If such a hypothetical tool existed, it would be of little help;
it may determine that there is some mix of messages that go
via system "foo", and that some of those are labeled "spam"
and others are labeled "non-spam".  That is of absolutely no
use in determining whether or not a particular message which
has passed through "foo" is labeled in accordance with the
recipient's values.

But if the user has to run a local filter in order to determine whether
or not to trust a remote filter, what is the point of having the
remote filter in the first place?


Quite simply diversity. Combining two or more filters with different
strengths is better (allows more accuracy) than choosing to use a single
filter with known limitations.
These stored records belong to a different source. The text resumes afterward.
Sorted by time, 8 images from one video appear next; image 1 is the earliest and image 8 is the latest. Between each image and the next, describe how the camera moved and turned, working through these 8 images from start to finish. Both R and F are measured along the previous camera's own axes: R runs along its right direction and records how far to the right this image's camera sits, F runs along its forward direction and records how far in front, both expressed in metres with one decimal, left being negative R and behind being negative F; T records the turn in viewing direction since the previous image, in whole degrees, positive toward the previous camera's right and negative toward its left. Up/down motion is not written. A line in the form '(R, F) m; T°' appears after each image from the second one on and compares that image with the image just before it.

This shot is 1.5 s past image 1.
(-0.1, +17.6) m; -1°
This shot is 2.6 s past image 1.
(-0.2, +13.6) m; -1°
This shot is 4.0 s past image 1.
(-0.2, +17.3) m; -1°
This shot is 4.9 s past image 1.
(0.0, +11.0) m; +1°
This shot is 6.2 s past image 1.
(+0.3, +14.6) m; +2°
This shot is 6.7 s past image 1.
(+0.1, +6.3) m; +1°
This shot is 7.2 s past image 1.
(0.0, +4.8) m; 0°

It also allows specialization, and 
smaller resource usage.


Use of multiple filters does not require that any of them be
"remote".  Having a local filter and a remote filter does not
guarantee different "strengths" (for any definition of that
rather nebulous term).  I believe that you would have a hard
time showing that in general having both a local filter and a
remote filter uses fewer total resources than a local filter
alone; resource usage may well be distributed differently,
but is likely to be greater. Aside from that, smaller resource
usage -- even if that were the case -- would not be an
advantage if it led to incorrect results.
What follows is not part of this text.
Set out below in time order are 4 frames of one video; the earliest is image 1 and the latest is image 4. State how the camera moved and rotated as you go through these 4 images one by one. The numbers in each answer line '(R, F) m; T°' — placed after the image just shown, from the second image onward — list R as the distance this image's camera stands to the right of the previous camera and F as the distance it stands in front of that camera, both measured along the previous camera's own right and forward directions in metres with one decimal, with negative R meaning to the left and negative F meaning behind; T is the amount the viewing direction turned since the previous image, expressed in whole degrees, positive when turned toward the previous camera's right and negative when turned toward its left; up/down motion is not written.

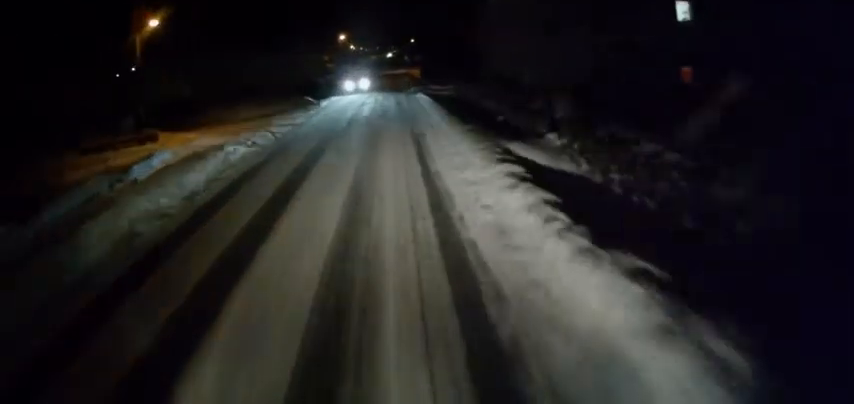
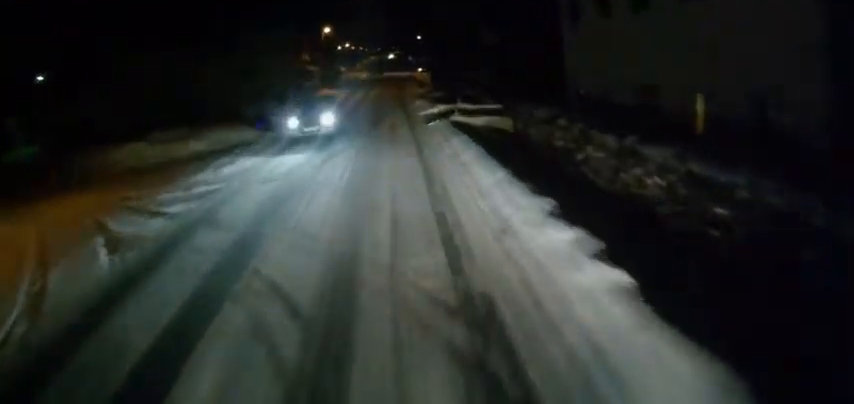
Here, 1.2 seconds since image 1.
(-0.3, +17.0) m; -2°
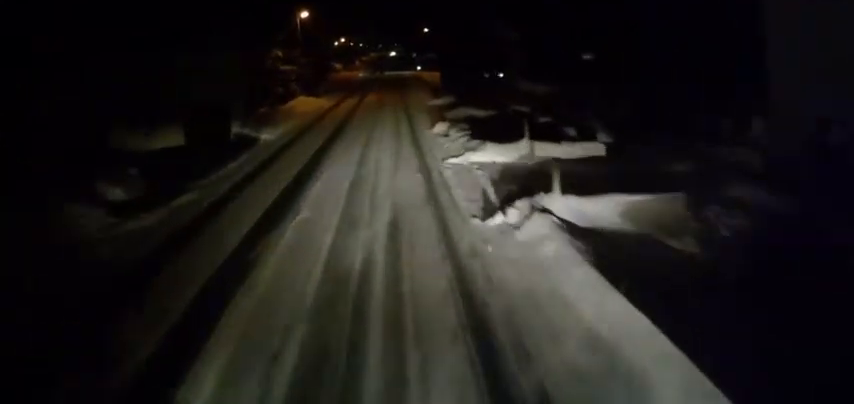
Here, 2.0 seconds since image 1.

Filtering that takes place at the receiving endpoint is consistent
with the Internet Architecture.


I agree. It's just not reflective of reality, unless you pick various
intermediate points and call them endpoints, such as you did with the
example of mailing lists.


In a message sent from blilly(_at_)erols(_dot_)com to 
ietf-822(_at_)imc(_dot_)org,
the latter is unquestionably one endpoint of that communication.
With regard to the Internet protocols, it is in no way
"intermediate".  Likewise a message sent from
owner-ietf-822(_at_)mail(_dot_)imc(_dot_)org to laird(_at_)breyer(_dot_)com has 
those
mailboxes as endpoints.  That some message content may be
the same due to re-mailing doesn't change those facts.  If
ietf-822(_at_)imc(_dot_)org were to vanish, that would break the first
path because one of the endpoints disappeared. Disappearance
of some intermediate system (in a properly-configured system,
e.g. with at least two MX hosts) would not break that
communication path.

MUAs have had spam filtering capabilities for years, starting with 
keyword searches in the subject line which had to be entered by hand.
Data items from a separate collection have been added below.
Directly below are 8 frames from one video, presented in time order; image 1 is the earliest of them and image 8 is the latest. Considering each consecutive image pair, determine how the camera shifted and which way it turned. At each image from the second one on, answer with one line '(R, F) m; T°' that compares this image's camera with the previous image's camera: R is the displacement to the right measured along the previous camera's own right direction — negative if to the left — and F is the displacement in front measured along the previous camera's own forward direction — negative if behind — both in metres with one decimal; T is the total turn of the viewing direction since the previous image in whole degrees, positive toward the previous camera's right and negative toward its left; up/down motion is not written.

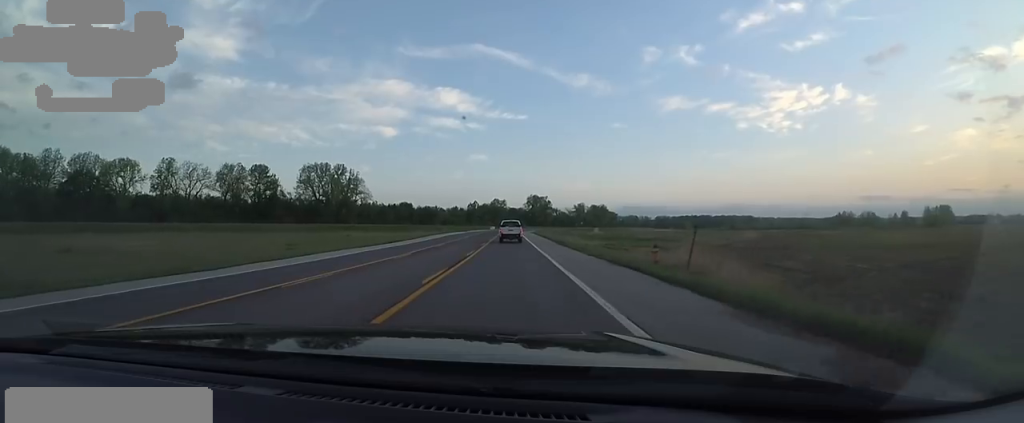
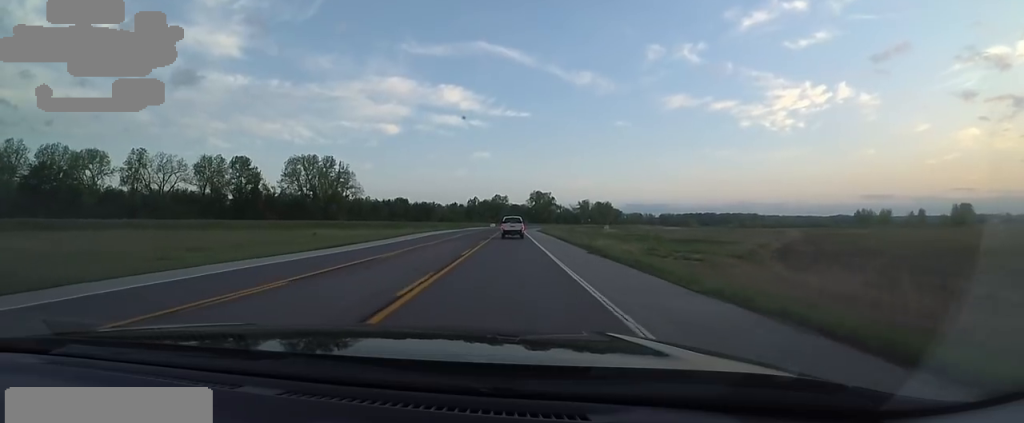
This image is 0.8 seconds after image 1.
(+0.2, +15.1) m; 0°
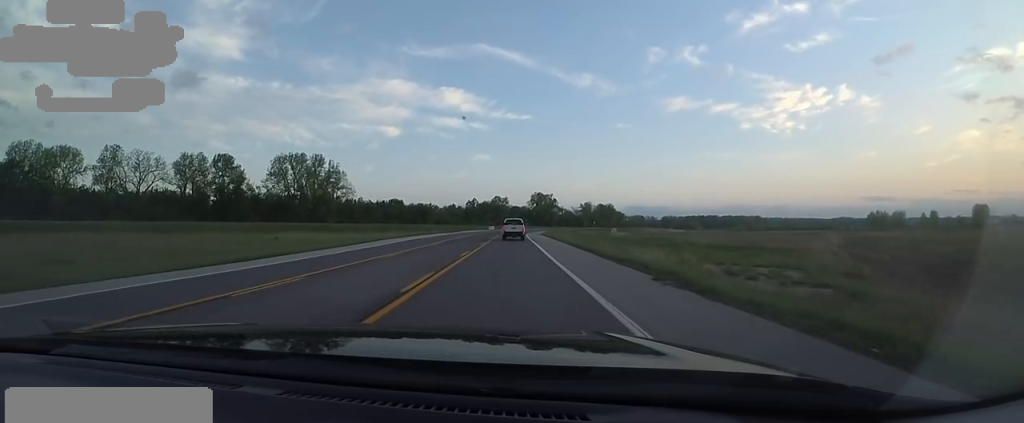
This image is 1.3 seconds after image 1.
(+0.1, +11.3) m; 0°
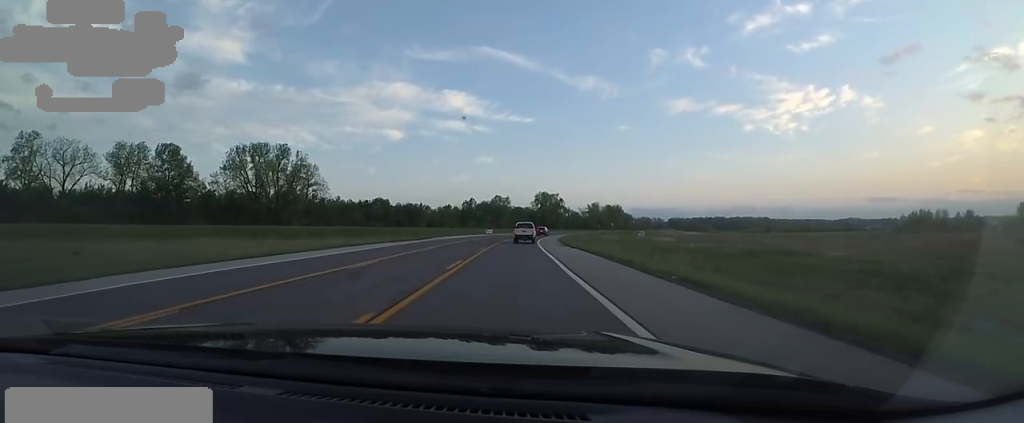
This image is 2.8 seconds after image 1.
(-0.6, +30.5) m; -1°
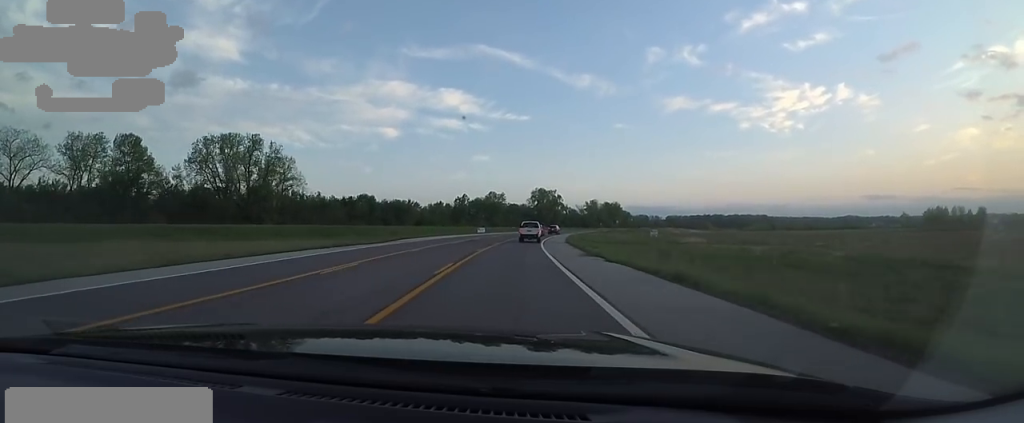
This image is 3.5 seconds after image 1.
(0.0, +14.8) m; +1°
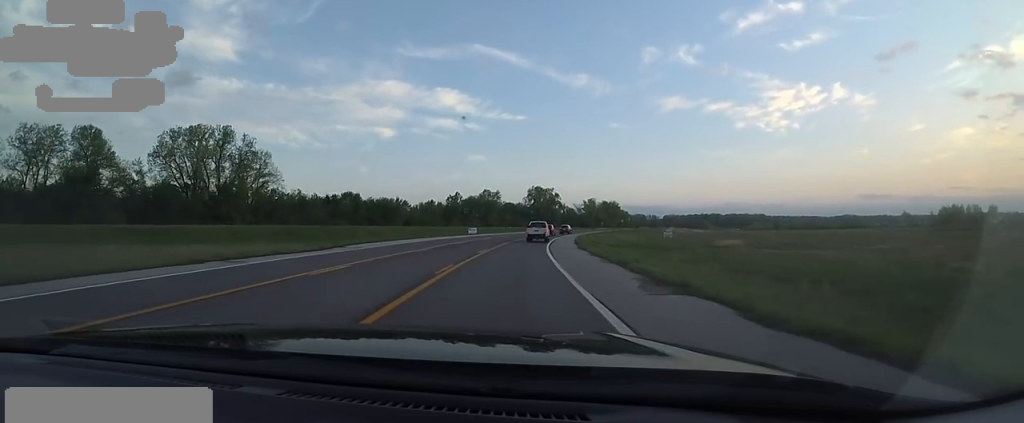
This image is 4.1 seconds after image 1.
(-0.2, +12.7) m; +1°
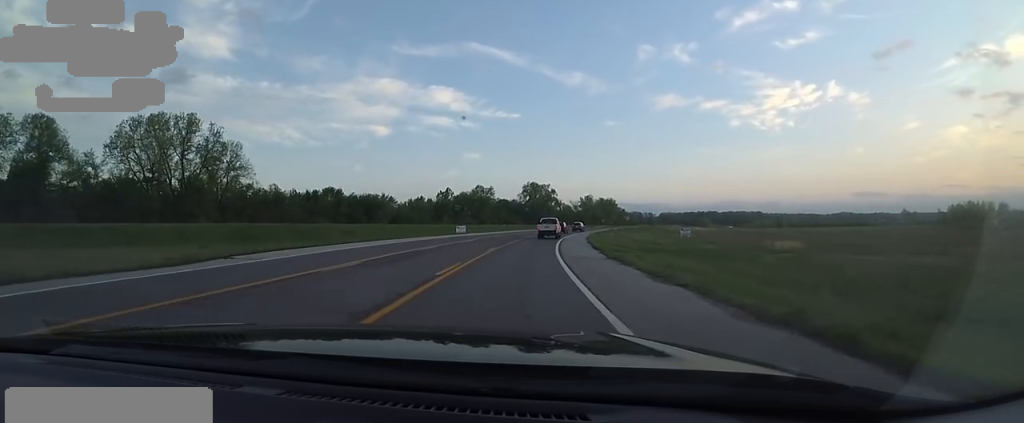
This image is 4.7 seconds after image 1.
(+0.5, +12.5) m; +2°
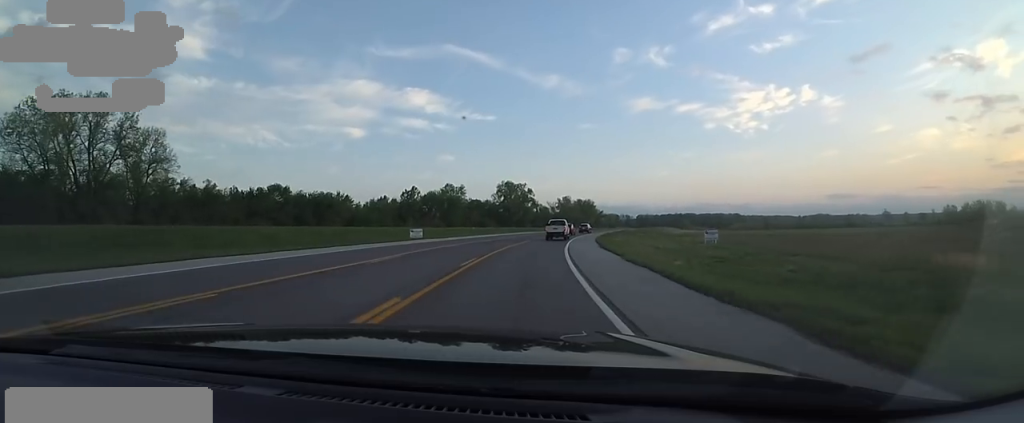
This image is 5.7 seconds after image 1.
(+0.5, +20.1) m; +3°

The Subject field is not designed to be a spam indicator; it is
intended to be set by the author as an indication of the message
topic, however there is no guarantee that authors will not abuse
the field -- if you expect spammers (and/or vested corporate
interests, and/or individuals or groups with some axe to grind
(politicians, political parties, governments, preachers, religious
groups, etc.) to always tell the truth, you are in for a great deal
of disappointment. Searching Subject fields alone will therefore
not be reliable for spam detection.  And mere detection is not
the same as filtering.

Mozilla has filtering capabilities, but it's not very good compared
with alternatives.


Mozilla has a variety of individual capabilities which can be
combined to perform true filtering at the MUA level.

Alternatives insert X-headers. Corporate 
filters add X-headers.


Adding cruft isn't "filtering". It makes the problems (transmission
bandwidth and storage capacity requirements) worse.  True
corporate filters (as opposed to "filters" that do no filtering) can
and do reduce the problems; but neither they nor any other true
filtering method have any need to add the field that you propose.